At last! How did we survive without it? Factory made motorized pier cart on display at Nags Head Fishing Pier pier house.


----------



## Big EL (Apr 8, 2002)

Where's the seat??

><))))*>


----------



## BrentH (Jul 25, 2011)

I can only imagine how ridiculously expensive that thing is...


----------



## Scrapple (Mar 10, 2007)

BrentH said:


> I can only imagine how ridiculously expensive that thing is...


It can be yours for only $499.00 Another version of it will be on the new Outdoor Channel show "Pimp My Pier Cart".


----------



## ReelKingin (Aug 3, 2009)

i have stage 4 heart failure..something like this would be awesome to cart my king stuff to the tee....BUT for that amount of $ I'll keep the wife busy


----------



## WNYBob (Aug 16, 2011)

If it had front tires like the back, do you suppose it would get you across the beach and be exempt from no motor vehicles on the beach laws?? LOL


----------



## smacks fanatic (Oct 16, 2010)

Wow...that is pretty sweet!

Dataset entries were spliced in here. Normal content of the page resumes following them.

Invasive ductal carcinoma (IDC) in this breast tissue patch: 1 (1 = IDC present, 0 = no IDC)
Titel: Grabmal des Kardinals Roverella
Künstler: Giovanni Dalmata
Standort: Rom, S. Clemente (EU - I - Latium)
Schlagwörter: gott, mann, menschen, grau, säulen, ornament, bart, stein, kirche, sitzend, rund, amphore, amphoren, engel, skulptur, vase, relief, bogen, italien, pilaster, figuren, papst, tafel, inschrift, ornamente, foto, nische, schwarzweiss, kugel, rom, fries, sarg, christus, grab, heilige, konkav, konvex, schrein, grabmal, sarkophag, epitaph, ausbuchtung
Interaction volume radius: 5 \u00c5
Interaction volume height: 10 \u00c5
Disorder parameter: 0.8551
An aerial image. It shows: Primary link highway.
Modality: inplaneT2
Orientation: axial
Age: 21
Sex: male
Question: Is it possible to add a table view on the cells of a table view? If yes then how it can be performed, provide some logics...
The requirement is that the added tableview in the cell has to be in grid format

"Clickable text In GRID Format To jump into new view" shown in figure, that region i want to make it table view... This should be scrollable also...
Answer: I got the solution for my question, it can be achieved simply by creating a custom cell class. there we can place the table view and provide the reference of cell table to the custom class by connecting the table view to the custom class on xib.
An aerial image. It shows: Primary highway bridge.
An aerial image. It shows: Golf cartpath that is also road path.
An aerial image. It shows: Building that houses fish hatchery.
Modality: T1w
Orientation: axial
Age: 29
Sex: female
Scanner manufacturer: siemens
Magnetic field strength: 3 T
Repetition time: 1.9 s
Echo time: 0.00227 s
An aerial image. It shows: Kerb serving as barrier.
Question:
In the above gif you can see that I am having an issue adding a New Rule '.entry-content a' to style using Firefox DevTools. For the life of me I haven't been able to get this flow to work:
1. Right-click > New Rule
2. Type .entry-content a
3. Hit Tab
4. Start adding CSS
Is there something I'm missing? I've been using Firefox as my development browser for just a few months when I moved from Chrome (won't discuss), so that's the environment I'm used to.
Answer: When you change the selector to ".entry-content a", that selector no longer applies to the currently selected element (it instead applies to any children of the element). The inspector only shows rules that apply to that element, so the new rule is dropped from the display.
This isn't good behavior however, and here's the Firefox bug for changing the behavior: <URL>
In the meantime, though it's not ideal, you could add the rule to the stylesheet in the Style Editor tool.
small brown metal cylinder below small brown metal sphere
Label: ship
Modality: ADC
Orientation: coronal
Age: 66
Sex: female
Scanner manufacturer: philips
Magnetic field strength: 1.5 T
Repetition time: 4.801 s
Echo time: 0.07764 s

I'd be wise to save up for it though...


----------



## dsurf (Aug 5, 2003)

I can see the value in having a motorized surf/sand cart but on the pier........humm??


----------



## new2salt (Dec 28, 2000)

Trust me North Carolina will figure out a way to put some kind of use tax on it and most likely require an annual registration and tag.


----------



## Jesse Lockowitz (Feb 13, 2006)

BrentH said:


> I can only imagine how ridiculously expensive that thing is...


Haha . Nice avatar pic. Go trailer park boys! Damnit bubbles! Haha


----------



## BrentH (Jul 25, 2011)

Jesse Lockowitz said:


> Haha . Nice avatar pic. Go trailer park boys! Damnit bubbles! Haha


Lol.


----------